Re: [HTCondor-users] condor_defrag only some machines?



On Thu, Jan 12, 2017 at 3:16 PM, Michael Pelletier
<Michael.V.Pelletier@xxxxxxxxxxxx> wrote:
> The ExpectedMachineGracefulDrainingBadput is an estimate of how much work will be lost when the jobs running on that machine are evicted. When a machine is drained, the jobs are instructed to gracefully evict, which means they are sent a TERM signal (by default) and allowed up to the MaxJobRetirementTime (default of zero) to shut down before being kill -9'd.
>
> A machine with 10 jobs which have accumulated 30 minutes each, if evicted, will have a minimum of 300 minutes of badput, while a machine with 1 job with 60 minutes of runtime will have 60 minutes of badput if evicted, so it will be chosen for draining ahead of the first machine.

thanks, that makes sense.  what i was missing was the correlation that
the lower the number the more likely a node is to get drained.  this
probably explains why i'm getting sets of nodes constantly
re-draining.  we have a very diverse set of jobs in the pool right
now, so some of them must just be churning every 15-20 mins while
others are taking hours

> Have you taken a look at pslot preemption?

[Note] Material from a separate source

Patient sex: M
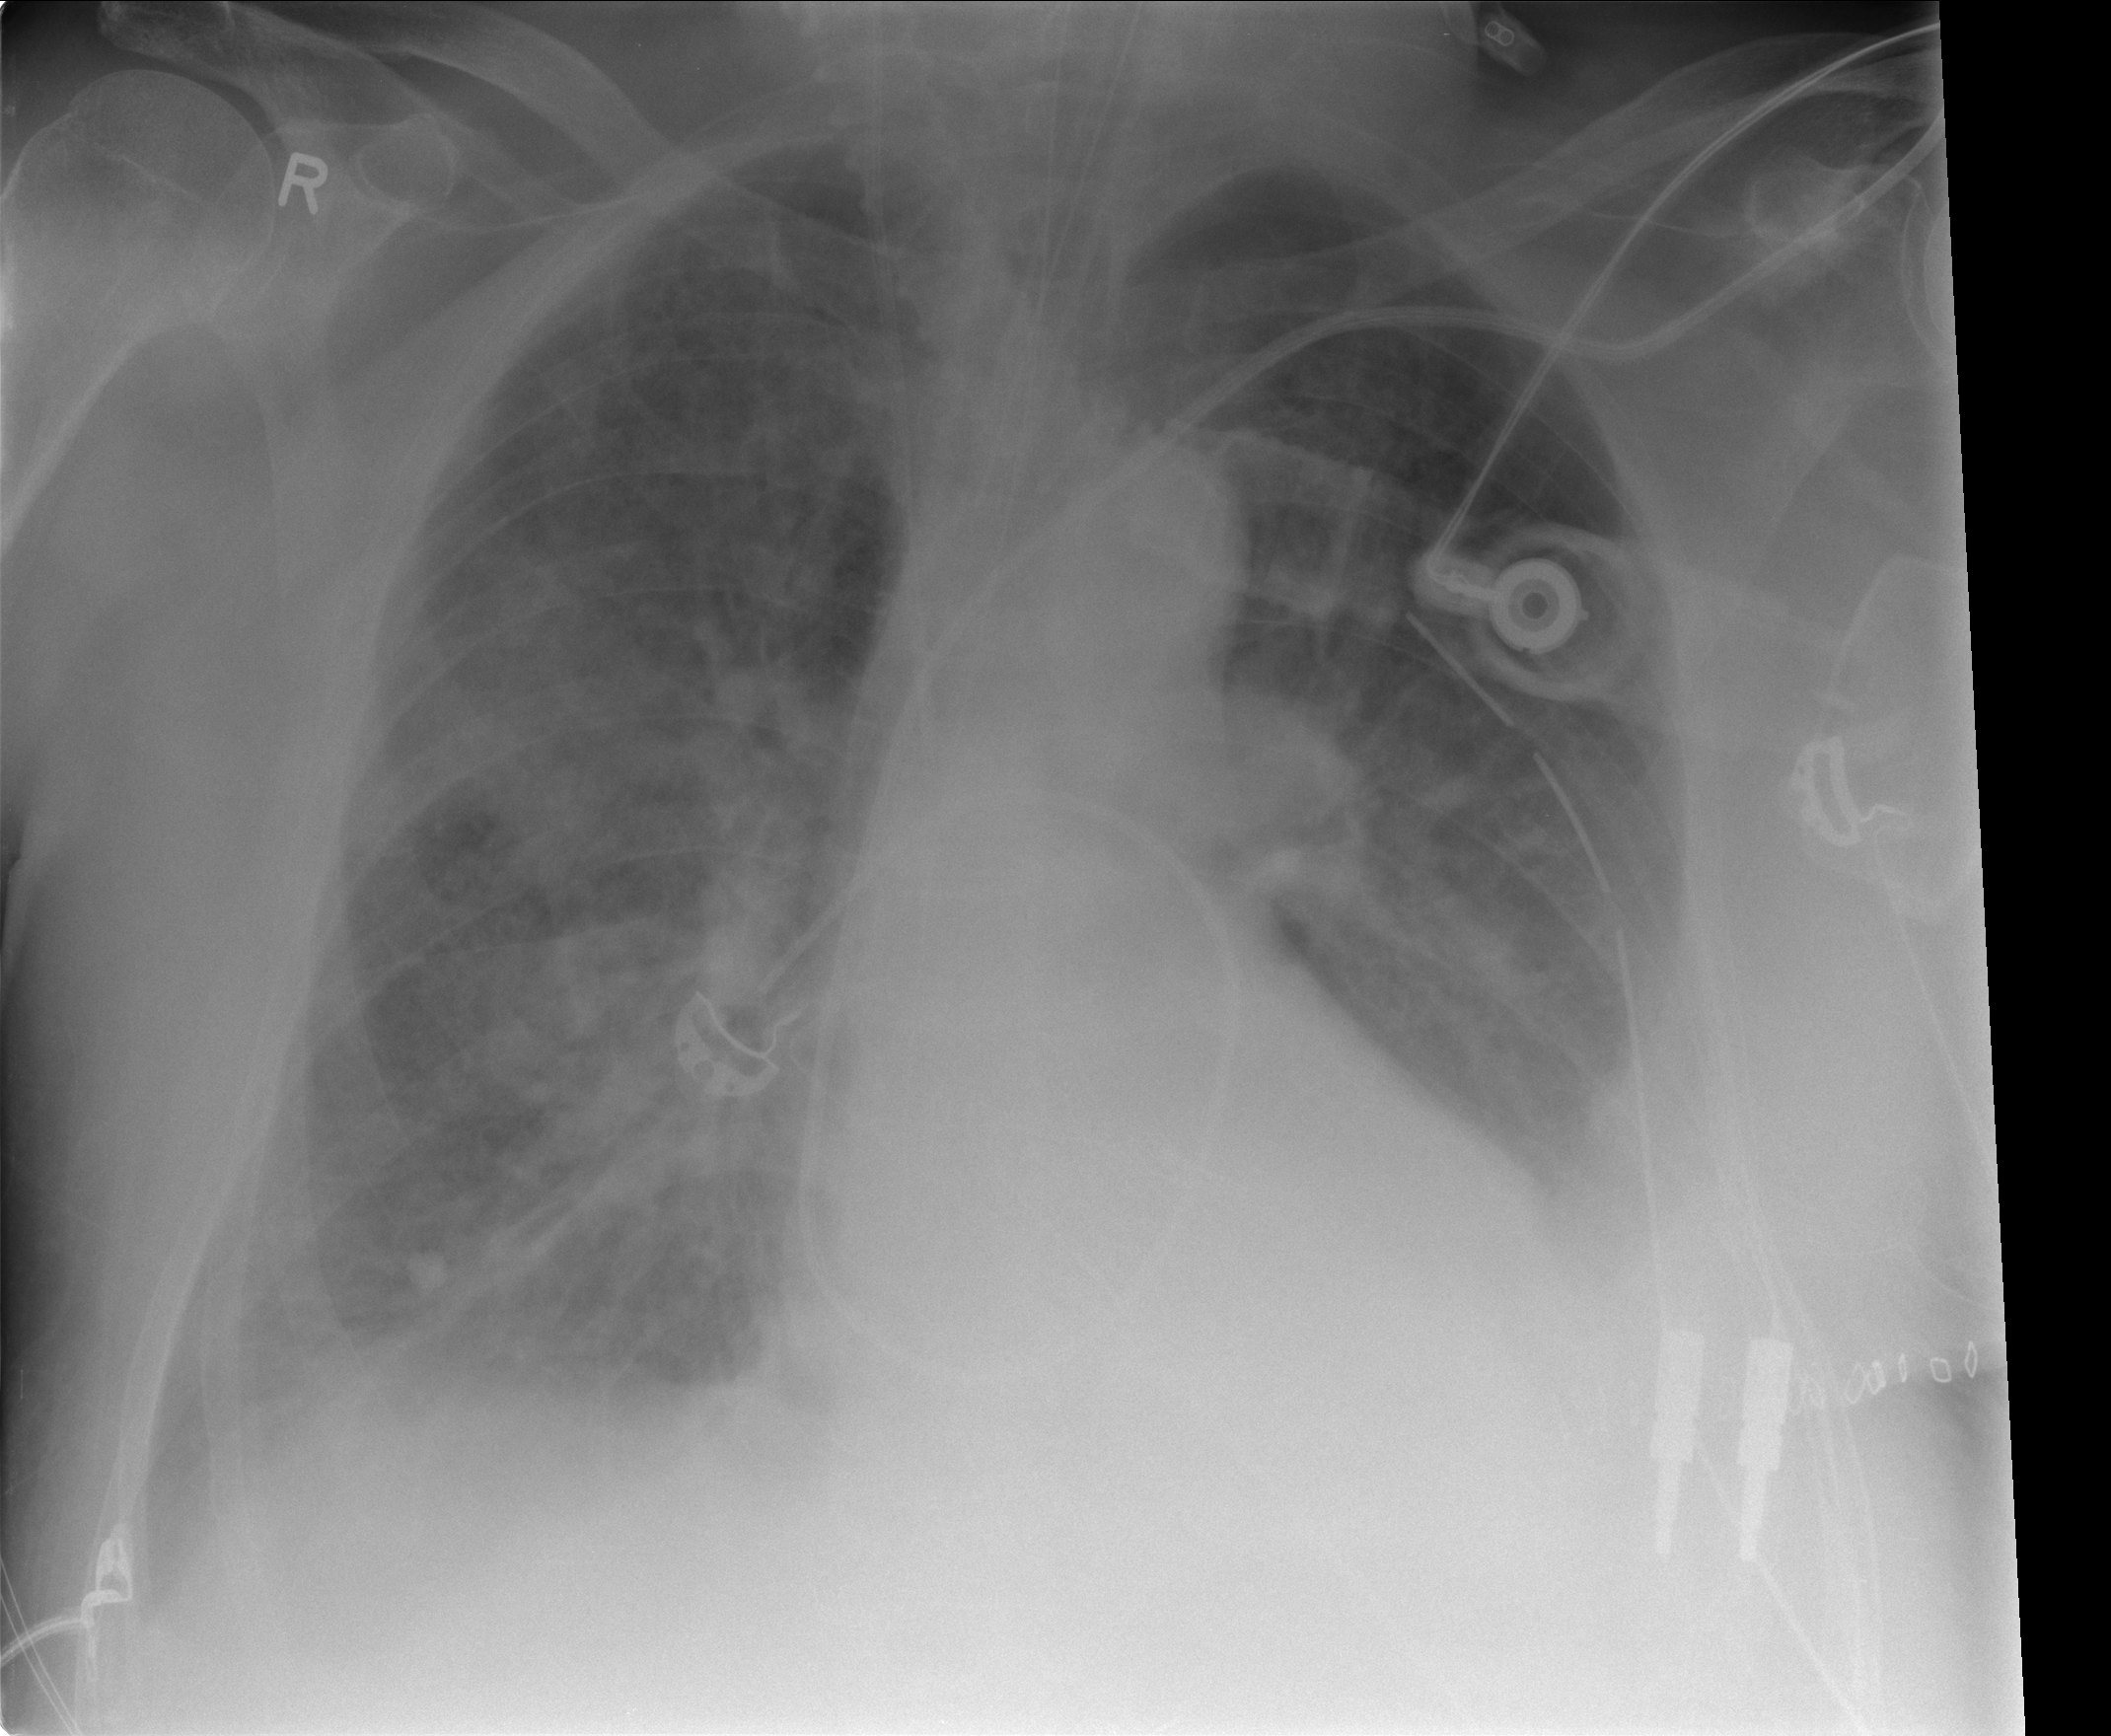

I wonder if that might be more useful for your situation than defragmenting. It seems like that might give you more control over when a whole-machine job can evict the single-core jobs, and avoid any draining at all if there are no whole-machine jobs waiting to run.

i've not.  we turned off all preemption sometime ago because it was
wreaking havoc with our users.  condor was fine, but the users were
getting very displeased to see their jobs preempted like 2 mins before
the job was to finish.  i'm sure there's probably some tweaking and
user training that might correct this, but i'm not sure i can stomach
that again

> Also, make sure that you're doing a depth-first fill of the machines for the single-core jobs, which may give the whole-machine jobs a better fighting chance; and make sure your job_lease_duration is set to something reasonable - the default is 40 minutes, but I usually use 20 (it depends on the characteristics of your jobs).

we're currently filling slots over machines, so slot1 on all machines,
then slot2 on all machines, then slot3 on all machines, by way of a
custom RANK setting.  we did this to level out the power/cooling
consumption in the data center across all the machines (which works
nicely), but i'm guessing this is probably not ideal given my current
situation